You need to use the $min
and $max
operators which respectively return the minimum and maximum value for "BookingTime" in your $group
stage. The last stage in the pipeline is the $redact
stage where you use a simple "date" math using the $divide
and $subtract
arithmetic operators.to return those documents where the number of days between first "service" and last "service" is greater than 30
db.collection.aggregate( [
{ "$group": {
"_id": "$Email",
"date1": { "$min": "$BookingTime" },
"date2": { "$max": "$BookingTime" }
}},
{ "$redact": {
"$cond": [
{ "$gte": [
{ "$divide": [
{ "$subtract": [ "$date2", "$date1" ] },
1000 * 60 * 60 * 24
]},
30
]},
"$$KEEP",
"$$PRUNE"
]
}}
])
Which returns:
{
"_id" : "xyz@xyz.com",
"date1" : ISODate("2015-12-27T06:00:00Z"),
"date2" : ISODate("2016-01-27T06:00:00Z")
}
Another way to do this is by using the $cond
operator in a $project
stage to avoid a collection scan.
db.collection.aggregate( [
{ "$group": {
"_id": "$Email",
"date1": { "$min": "$BookingTime" },
"date2": { "$max": "$BookingTime" },
"count": { "$sum": 1 }
}},
{ "$match": { "count": { "$gte": 2 } } },
{ "$project": {
"emails": {
"$cond": [
{ "$gte": [
{ "$divide": [
{ "$subtract": [ "$date2", "$date1" ] },
1000 * 60 * 60 * 24
]},
30
] },
"$_id",
false
]
}
}},
{ "$match": { "emails": { "$ne": false } } }
])
You can get first sales date and last sales date by $min and $max:
db.services.aggregate({
$group: {
"_id" :"$Email",
lastSalesDate: { $max: "$BookingTime" },
firstSalesDate: { $min: "$BookingTime" }
}
}
)
After that you can add filter based on lastSalesDate.
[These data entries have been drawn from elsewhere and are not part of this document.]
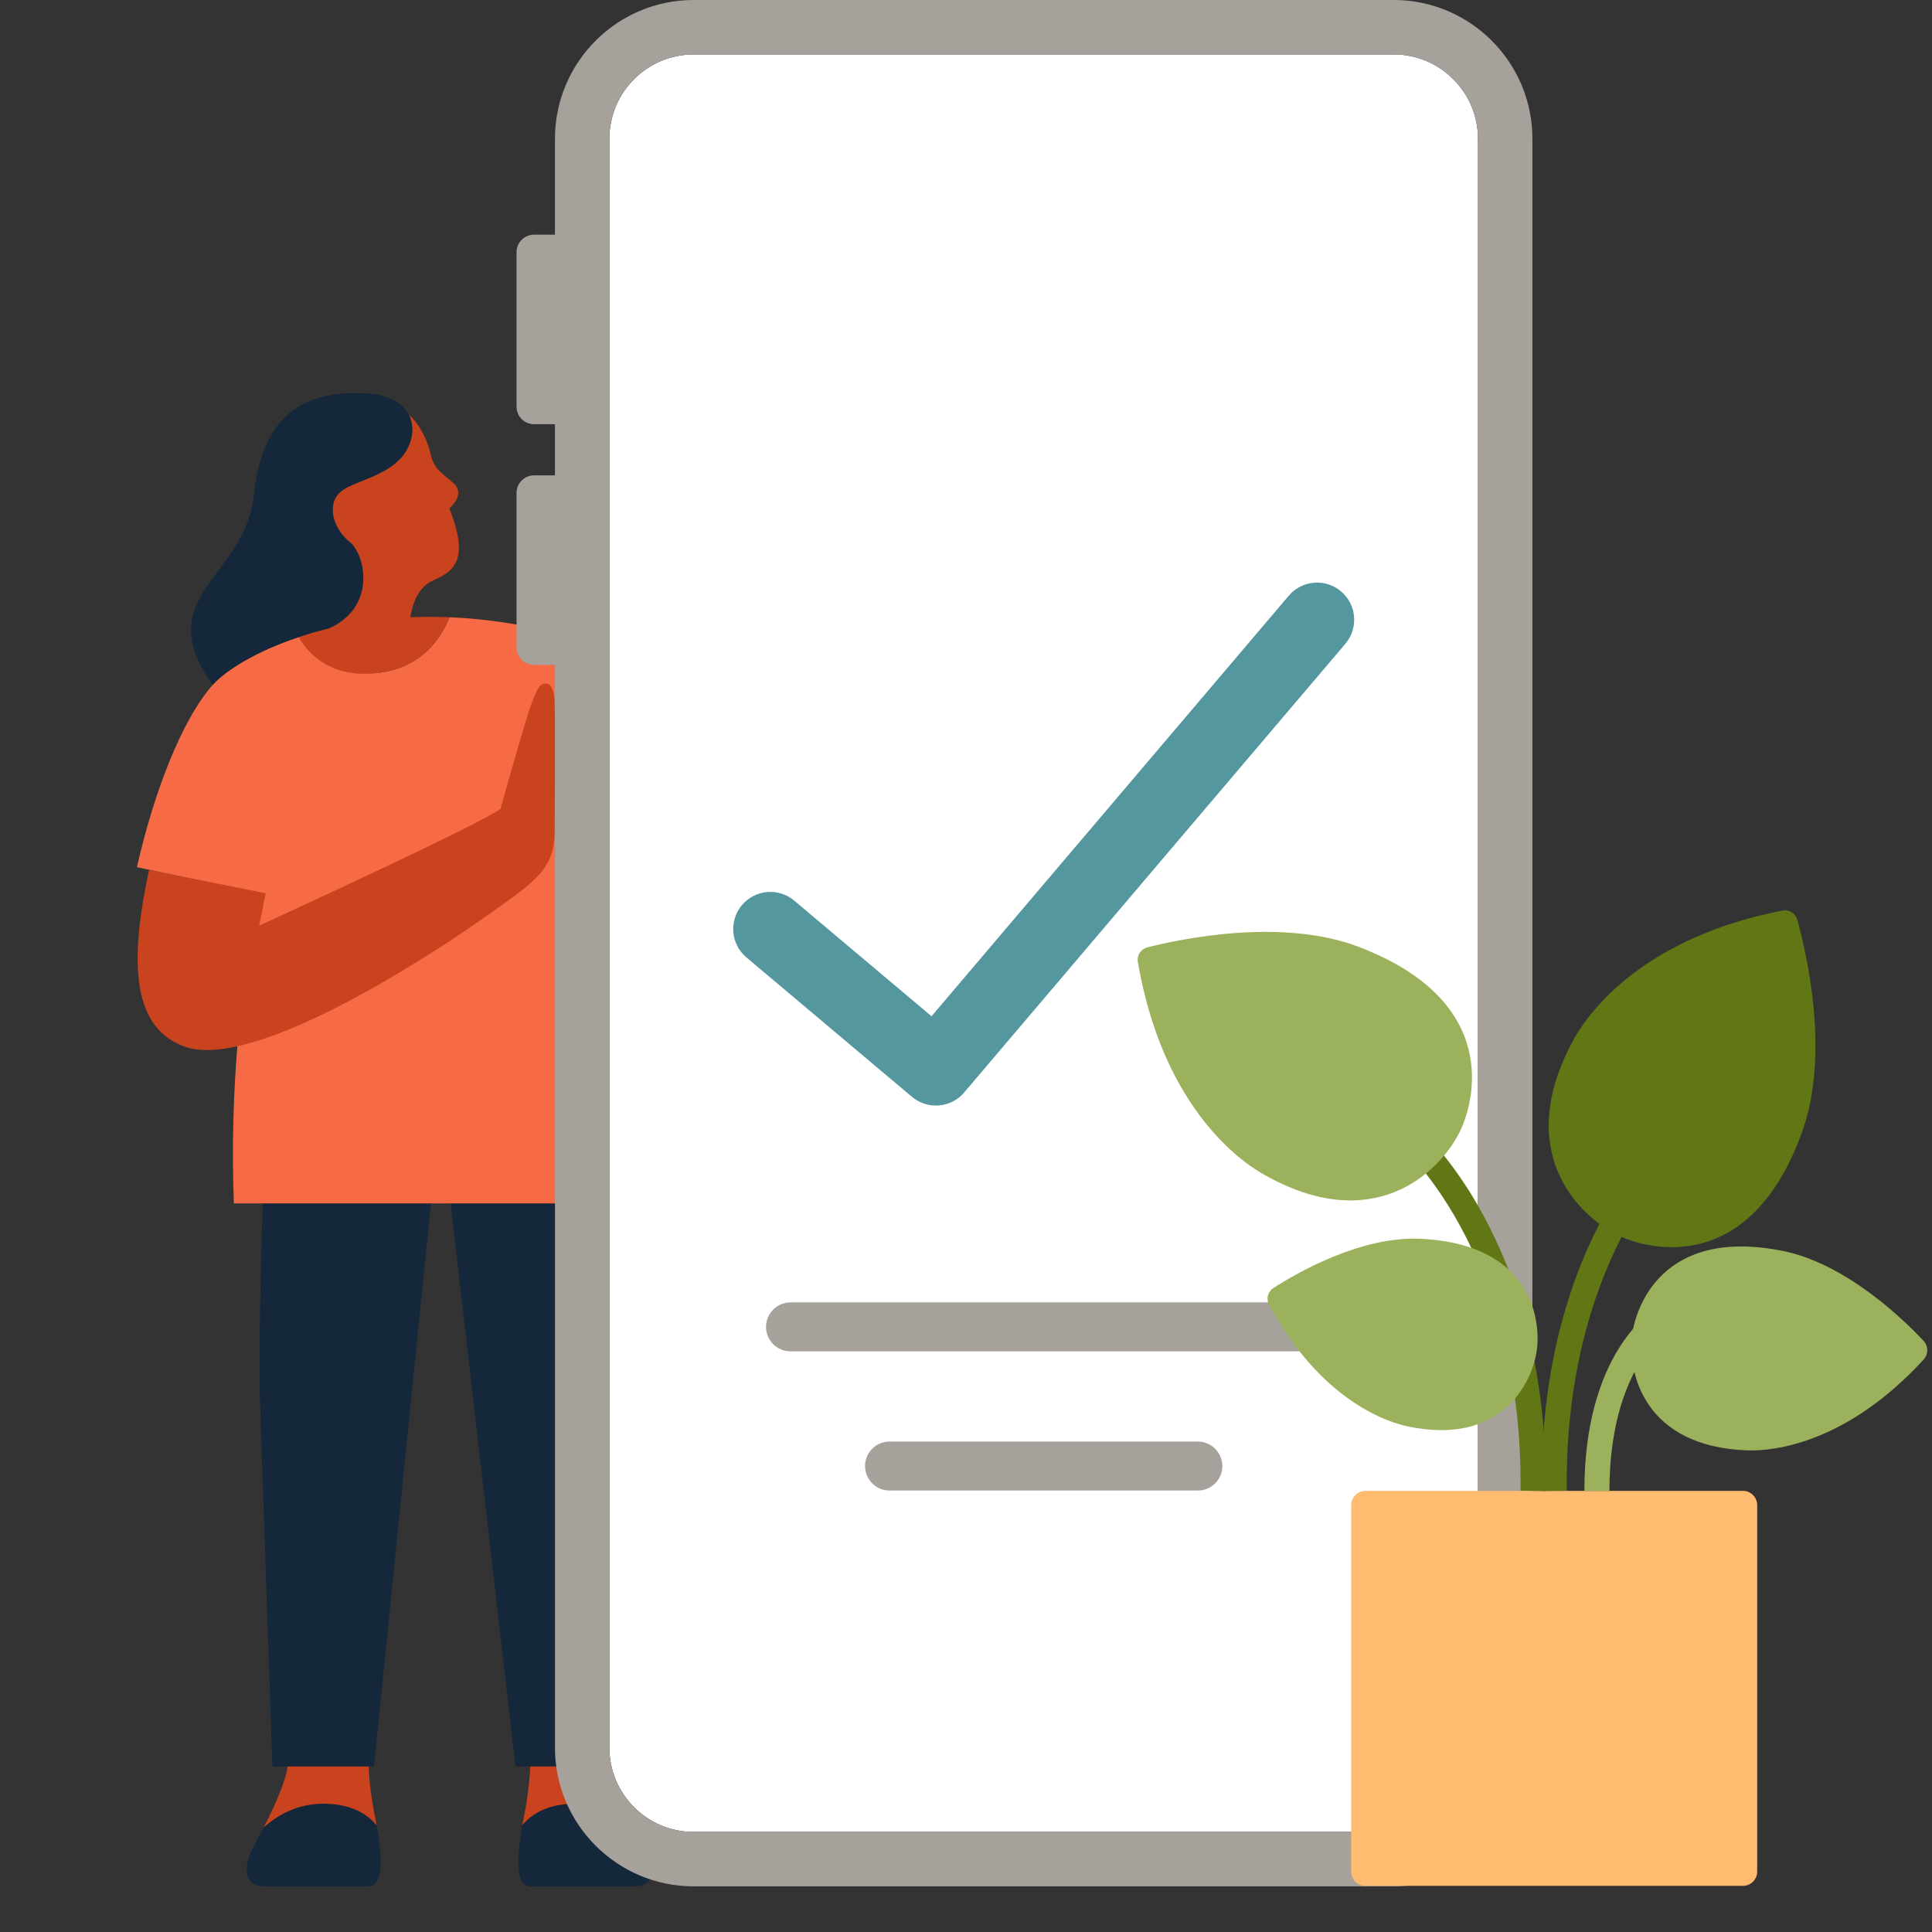 <svg width="127" height="127" viewBox="0 0 127 127" fill="none" xmlns="http://www.w3.org/2000/svg">
<rect x="0" y="0" width="127" height="127" fill="#333333" stroke="none"/>
<path d="M24.221 124H17.337C16.099 124 15.857 122.823 16.734 121.252C16.93 120.901 17.139 120.51 17.346 120.108C18.268 119.309 19.534 118.568 21.233 118.566C22.651 118.561 23.926 118.972 24.755 119.979C25.117 122.013 25.243 124 24.222 124H24.221Z" fill="#15273B"/>
<path d="M24.754 119.979C23.925 118.972 22.652 118.561 21.232 118.566C19.532 118.569 18.268 119.309 17.345 120.108C18.064 118.713 18.767 117.127 18.907 116.12L19.089 115.304H24.221C24.221 115.304 24.161 116.964 24.613 119.229C24.663 119.476 24.709 119.729 24.754 119.978V119.979Z" fill="#C9431E"/>
<path d="M34.866 124H41.749C42.988 124 43.229 122.823 42.352 121.252C42.157 120.901 41.948 120.51 41.741 120.108C40.819 119.309 39.553 118.568 37.854 118.566C36.435 118.561 35.161 118.972 34.331 119.979C33.97 122.013 33.843 124 34.864 124H34.866Z" fill="#15273B"/>
<path d="M34.333 119.979C35.162 118.972 36.435 118.561 37.855 118.566C39.555 118.569 40.819 119.309 41.742 120.108C41.023 118.713 40.32 117.127 40.18 116.12L39.998 115.304H34.866C34.866 115.304 34.926 116.964 34.474 119.229C34.424 119.476 34.377 119.729 34.333 119.978V119.979Z" fill="#C9431E"/>
<path d="M38.472 72.643L37.869 116.12H33.884L28.933 73.126L24.585 116.12H17.908L17.097 92.328C16.856 83.149 18.004 62.981 18.004 62.981H38.474V72.643H38.472Z" fill="#15273B"/>
<path d="M27.061 41.043L26.787 41.034C26.787 41.034 26.793 40.839 26.838 40.553L27.109 40.596C27.068 40.863 27.061 41.041 27.061 41.043Z" fill="#8F1D00"/>
<path d="M24.886 44.231C27.762 43.857 29.014 41.93 29.544 40.575C31.947 40.671 34.572 41.053 37.385 41.832L38.471 62.983V79.105H15.374C15.224 75.243 15.361 71.694 15.611 68.679C15.89 65.297 16.311 62.585 16.628 60.851C16.843 59.683 17.007 58.958 17.052 58.773L17.062 58.727L9 57.005C10.086 52.205 11.905 47.373 13.985 45.019C14.778 44.124 16.733 42.841 19.632 41.882C20.248 41.676 20.908 41.486 21.608 41.317" fill="#F66A45"/>
<path d="M15.611 68.677L36.48 61.999V52.476L18.002 62.981L15.611 68.677Z" fill="#F66A45"/>
<path d="M17.468 58.724L17.033 60.85C17.033 60.85 31.63 54.165 32.899 53.168C32.899 53.168 33.96 49.375 34.58 47.347C35.188 45.358 35.474 44.93 35.837 44.93C36.31 44.93 36.439 45.462 36.463 46.382C36.504 47.921 36.463 51.929 36.463 54.526C36.463 57.124 35.315 57.848 31.995 60.202C28.673 62.558 16.736 70.469 12.113 68.79C8.835 67.599 8.399 63.615 9.803 57.184L17.469 58.724H17.468Z" fill="#C9431E"/>
<path d="M20.822 41.45C24.101 40.344 24.029 36.455 22.983 35.628C21.896 34.769 21.415 33.125 22.409 32.306C23.435 31.461 26.433 31.22 27.027 28.833C27.142 28.374 27.142 27.788 26.873 27.256C27.724 27.999 28.173 29.238 28.29 29.786C28.526 30.875 29.023 31.057 29.808 31.759C30.217 32.124 30.327 32.679 29.542 33.423C30.673 36.362 30.239 37.416 28.497 38.141C27.418 38.591 27.078 39.878 26.974 40.575C27.798 40.539 28.655 40.537 29.544 40.575C29.014 41.93 27.762 43.857 24.886 44.231C21.713 44.645 20.209 42.895 19.633 41.879C19.633 41.879 19.765 41.807 20.824 41.45H20.822Z" fill="#C9431E"/>
<path d="M97.155 9.121V114.883C97.155 117.939 94.669 120.421 91.616 120.421H45.597C42.544 120.421 40.059 117.939 40.059 114.883V9.121C40.059 6.064 42.544 3.579 45.597 3.579H91.616C94.669 3.579 97.155 6.064 97.155 9.121Z" fill="white"/>
<path d="M91.616 0H45.597C40.569 0 36.48 4.091 36.48 9.121V114.883C36.48 119.911 40.57 124 45.597 124H91.616C96.644 124 100.733 119.909 100.733 114.883V9.121C100.733 4.089 96.642 0 91.616 0ZM97.154 114.883C97.154 117.939 94.669 120.421 91.616 120.421H45.597C42.544 120.421 40.058 117.939 40.058 114.883V9.121C40.058 6.064 42.544 3.579 45.597 3.579H91.616C94.669 3.579 97.154 6.064 97.154 9.121V114.883Z" fill="#A6A19A"/>
<path d="M35.106 15.428H38.393V27.886H35.106C34.47 27.886 33.955 27.37 33.955 26.735V16.578C33.955 15.942 34.47 15.427 35.106 15.427V15.428Z" fill="#A6A19A"/>
<path d="M35.106 31.25H38.393V43.708H35.106C34.47 43.708 33.955 43.193 33.955 42.557V32.4C33.955 31.765 34.47 31.249 35.106 31.249V31.25Z" fill="#A6A19A"/>
<path d="M61.519 72.674C60.964 72.674 60.405 72.485 59.948 72.1L49.066 62.936C48.035 62.068 47.903 60.528 48.771 59.498C49.64 58.467 51.178 58.335 52.209 59.203L61.233 66.803L84.718 39.158C85.59 38.13 87.13 38.005 88.157 38.879C89.185 39.751 89.31 41.291 88.437 42.319L63.379 71.815C62.896 72.384 62.209 72.675 61.519 72.675V72.674Z" fill="#55979E"/>
<path d="M85.249 85.613H51.965C51.076 85.613 50.356 86.333 50.356 87.221C50.356 88.11 51.076 88.83 51.965 88.83H85.249C86.137 88.83 86.857 88.11 86.857 87.221C86.857 86.333 86.137 85.613 85.249 85.613Z" fill="#A6A19A"/>
<path d="M78.74 94.763H58.472C57.584 94.763 56.864 95.483 56.864 96.371C56.864 97.26 57.584 97.98 58.472 97.98H78.74C79.629 97.98 80.349 97.26 80.349 96.371C80.349 95.483 79.629 94.763 78.74 94.763Z" fill="#A6A19A"/>
<path d="M27.028 28.833C26.432 31.218 23.436 31.459 22.41 32.306C21.416 33.123 21.896 34.767 22.984 35.627C24.029 36.457 24.774 39.916 21.608 41.315C20.907 41.485 20.25 41.675 19.631 41.88C16.733 42.841 14.778 44.123 13.985 45.017C9.788 39.22 16.128 37.892 16.671 32.638C17.214 27.384 19.813 25.729 23.796 25.846C25.61 25.897 26.497 26.524 26.869 27.254C26.869 27.257 26.872 27.257 26.872 27.257C27.141 27.79 27.141 28.378 27.027 28.835L27.028 28.833Z" fill="#15273B"/>
<path d="M114.57 98.002H89.758C89.239 98.002 88.819 98.422 88.819 98.941V123.029C88.819 123.547 89.239 123.967 89.758 123.967H114.57C115.089 123.967 115.509 123.547 115.509 123.029V98.941C115.509 98.422 115.089 98.002 114.57 98.002Z" fill="#FFBB6F"/>
<path d="M101.599 98.01L99.952 97.992C100.127 82.084 91.88 75.094 91.798 75.026L92.846 73.756C93.211 74.058 101.784 81.325 101.6 98.01H101.599Z" fill="#617715"/>
<path d="M101.343 98.01C101.16 81.323 109.731 74.056 110.095 73.756L111.144 75.026L110.62 74.39L111.146 75.024C111.062 75.094 102.815 82.14 102.99 97.992L101.343 98.01Z" fill="#617715"/>
<path d="M105.795 98.002H104.149C104.149 89.106 108.427 86.308 108.61 86.195L109.494 87.584C109.456 87.608 105.797 90.092 105.797 98.002H105.795Z" fill="#9CB15B"/>
<path d="M93.405 81.433C100.934 81.81 101.259 87.066 101.025 88.737C100.714 90.959 98.674 95.054 92.533 93.764C90.922 93.426 86.731 91.864 83.426 85.777C83.215 85.39 83.338 84.905 83.708 84.667C85.278 83.658 89.482 81.236 93.405 81.433Z" fill="#9CB15B"/>
<path d="M89.357 62.258C98.753 65.868 96.923 72.511 95.914 74.481C94.573 77.102 90.236 81.318 82.991 77.157C81.076 76.057 76.356 72.319 74.797 63.236C74.723 62.804 74.989 62.385 75.415 62.277C77.615 61.717 84.281 60.305 89.358 62.256L89.357 62.258Z" fill="#9CB15B"/>
<path d="M118.467 74.392C115.065 83.865 108.382 82.181 106.39 81.215C103.741 79.93 99.431 75.687 103.431 68.353C104.49 66.414 108.122 61.614 117.169 59.856C117.599 59.772 118.023 60.031 118.142 60.452C118.75 62.638 120.307 69.271 118.467 74.392Z" fill="#617715"/>
<path d="M117.15 82.221C109.181 80.646 107.466 86.058 107.274 87.867C107.019 90.271 108.081 95.084 114.839 95.341C116.611 95.408 121.402 94.872 126.449 89.371C126.769 89.022 126.767 88.482 126.444 88.138C125.066 86.673 121.304 83.041 117.152 82.221H117.15Z" fill="#9CB15B"/>
</svg>

You can calculate ISO date which 30 days before. ex. ISODate("2015-12-28T00:00:00.000Z"). By $lt
, you will get customers of 30 days before.
db.services.aggregate(
{
$group: {
"_id" :"$Email",
lastSalesDate: { $max: "$BookingTime" },
firstSalesDate: { $min: "$BookingTime" }
}
},
{
$match : {
"lastSalesDate" : { $lt: ISODate("2015-12-28T00:00:00.000Z") }
}
}
)
Results like:
{
"_id" : "abc@abc.com",
"lastSalesDate" : ISODate("2015-12-26T06:00:00.000+0000"),
"firstSalesDate" : ISODate("2015-12-26T06:00:00.000+0000")
}
This is what I used finally
db.services.aggregate(
{$group: {
"_id" :"$Email",
count:{$sum:1},
lastSalesDate: { $max: "$BookingTime" },
firstSalesDate: { $min: "$BookingTime" }
},
{$project:{
_id:1,count:1,dateDifference: { $divide:[ {$subtract: [ "$lastSalesDate", "$firstSalesDate" ]},86400000] }
}
},
{$match:{
count:{$gt:1},dateDifference:{$gt:20}
}
}
}
)
Count > 1 helped to filter the records which never repeated and datedifferentce > 20 is for days as I already converted milliseconds to days using division operation.